Google Cloud Professional Machine Learning Engineer — Question 131
You work for a biotech startup that is experimenting with deep learning ML models based on properties of biological organisms. Your team frequently works on early-stage experiments with new architectures of ML models, and writes custom TensorFlow ops in C++. You train your models on large datasets and large batch sizes. Your typical batch size has 1024 examples, and each example is about 1 MB in size.

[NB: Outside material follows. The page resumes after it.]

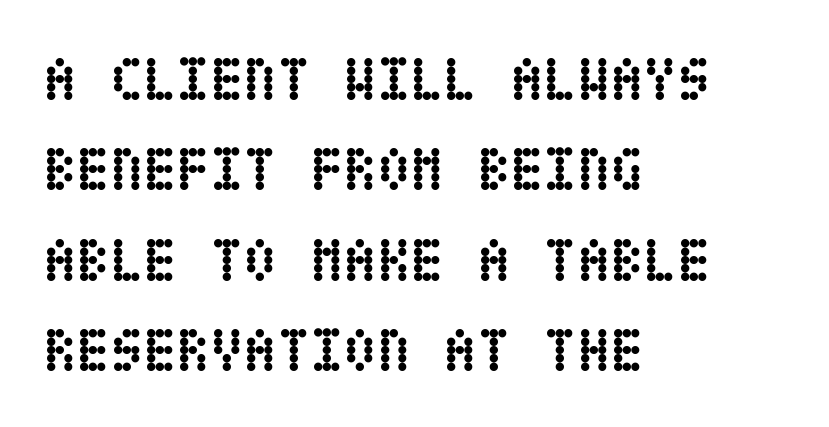
The image shows 61 px semibold, condensed type, upright; set left-aligned, normal line spacing (1.48x), normal letter spacing, not underlined; low stroke contrast and a large x-height.

The average size of a network with all weights and embeddings is 20 GB. What hardware should you choose for your models?
Answer options
- A. A cluster with 2 n1-highcpu-64 machines, each with 8 NVIDIA Tesla V100 GPUs (128 GB GPU memory in total), and a n1-highcpu-64 machine with 64 vCPUs and 58 GB RAM
- B. A cluster with 2 a2-megagpu-16g machines, each with 16 NVIDIA Tesla A100 GPUs (640 GB GPU memory in total), 96 vCPUs, and 1.4 TB RAM
- C. A cluster with an n1-highcpu-64 machine with a v2-8 TPU and 64 GB RAM
- D. A cluster with 4 n1-highcpu-96 machines, each with 96 vCPUs and 86 GB RAM
Correct answer: D
Explanation
The correct answer is D because it provides a balance of high vCPU count and adequate RAM, which is essential for handling large batch sizes and datasets efficiently. Options A and B, while having high GPU memory, do not provide sufficient CPU resources for the workload. Option C lacks the necessary CPU power and RAM capacity compared to option D.